Comprehensive evaluation across tasks
PromptWizard was rigorously evaluated on over 45 tasks, spanning both general and domain-specific challenges. Benchmarked against state-of-the-art techniques—including Instinct, InstructZero, APE, PromptBreeder, EvoPrompt, DSPy, APO, and PromptAgent—PW consistently outperformed competitors in accuracy, efficiency, and adaptability. Please see detailed results in our paper.
- Accuracy: PW consistently outperformed other methods, maintaining performance close to the best across all tasks. Figure 4 shows the performance profile curve that highlights PW’s reliability, demonstrating how frequently it achieves near-best accuracy compared to other approaches for BigBench Instruction Induction dataset (BBII).
- Efficiency: Beyond accuracy, PW demonstrates its computational efficiency. Unlike many baseline methods that require extensive API calls and computational resources, PW achieves superior results with minimal overhead by striking an effective balance between exploration and exploitation. Table 1 demonstrates PW’s cost-effectiveness, with significantly reduced token usage for input and output while optimizing prompts effectively.
Methods | API calls | Total tokens |
---|---|---|
Instinct | 1730 | 115k |
PromptBreeder | 18600 | 1488k |
EvoPrompt | 5000 | 400k |
PW | 69 | 24k |
We also have conducted numerous experiments to highlight PromptWizard’s efficacy with limited training data and smaller LLMs.
Resilience with limited data
Real-world scenarios often lack abundant training data. PW excels in such conditions, requiring as few as five examples to produce effective prompts. Across five diverse datasets, PW demonstrated an average accuracy drop of only 5% when using five examples compared to 25 examples—highlighting its adaptability and efficiency (see Table 2).
Datasets | 5 Examples | 25 Examples |
---|---|---|
MMLU | 80.4 | 89.5 |
GSM8k | 94 | 95.4 |
Ethos | 86.4 | 89.4 |
PubMedQA | 68 | 78.2 |
MedQA | 80.4 | 82.9 |
Average | 81.9 | 87 |
Leveraging smaller models for optimization
PromptWizard also reduces computational costs by using smaller LLMs for prompt generation, reserving more powerful models for inference. For example, using Llama-70B for prompt generation resulted in negligible performance differences compared to GPT-4, while significantly lowering resource usage (see Table 3).

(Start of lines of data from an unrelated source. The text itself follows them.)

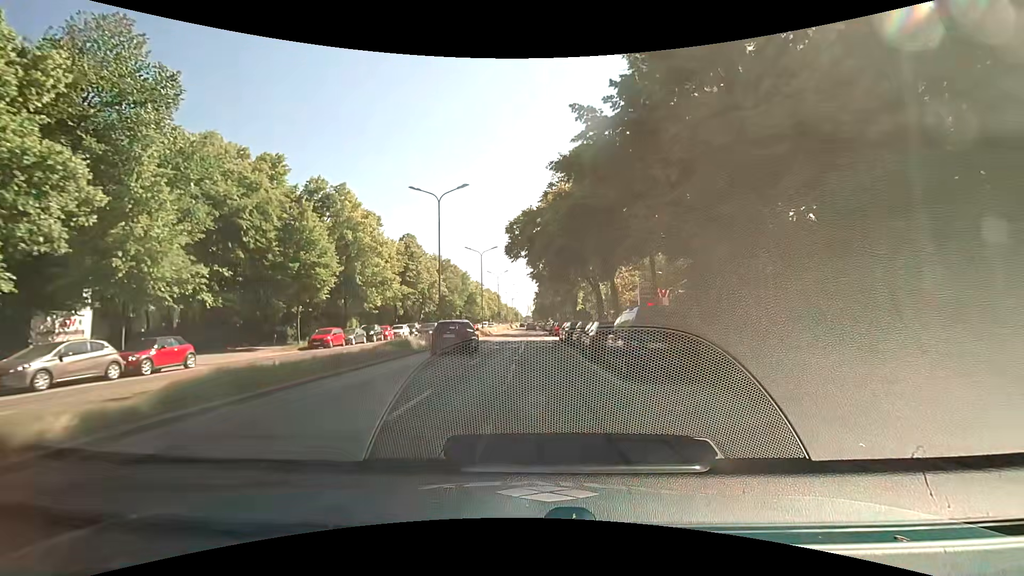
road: primary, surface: asphalt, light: Day
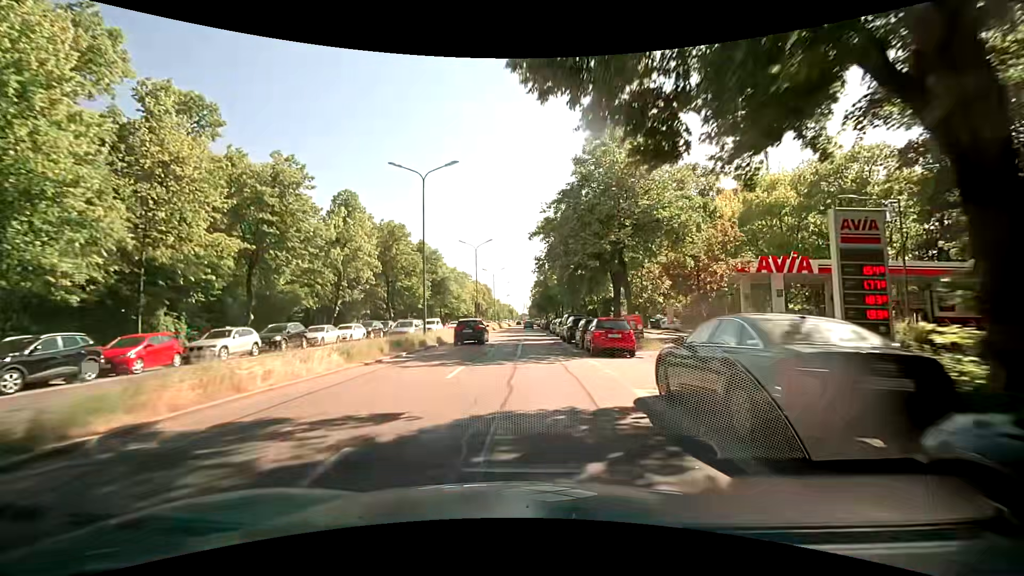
(+0.2, +32.3) m; +1°
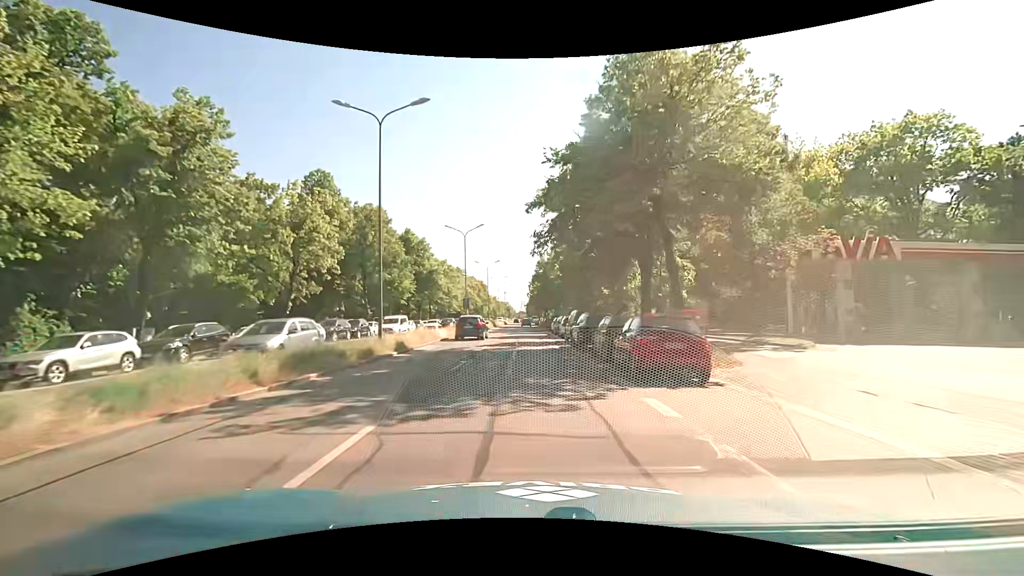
(0.0, +8.1) m; +1°
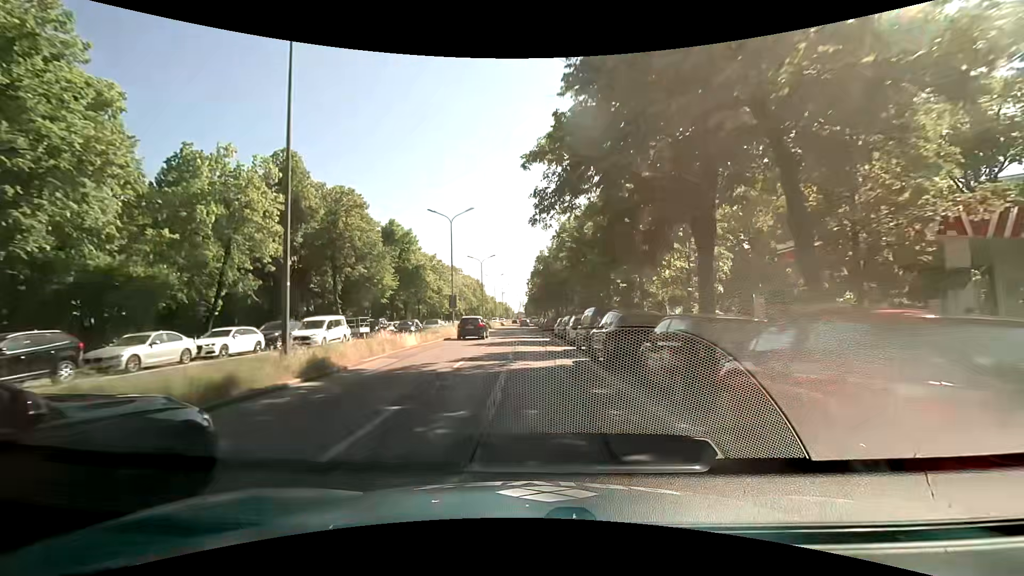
(0.0, +7.8) m; -1°
(0, +10) (0, +20) (0, +30) (0, +40) (0, +50) (0, +60) (0, +70) (0, +80) (0, +90) (0, +100) m

Dataset | Prompt Gen: Llama-70B | Prompt Gen: GPT4 |
---|---|---|
GSM8k | 94.6 | 95.4 |
Ethos | 89.2 | 89.4 |
Average | 91.9 | 92.4 |
PromptWizard shows that effective prompts combine optimized instructions refined through iterative feedback, thoughtfully chosen in-context examples, and a modular design that incorporates expert knowledge and task-specific intent. This approach enables the framework to handle a broad range of tasks, from simple to highly complex, with exceptional efficiency and flexibility.
Whether you are a researcher addressing cutting-edge challenges or an organization looking to streamline workflows, PromptWizard provides a practical, scalable, and impactful solution for enhancing model performance.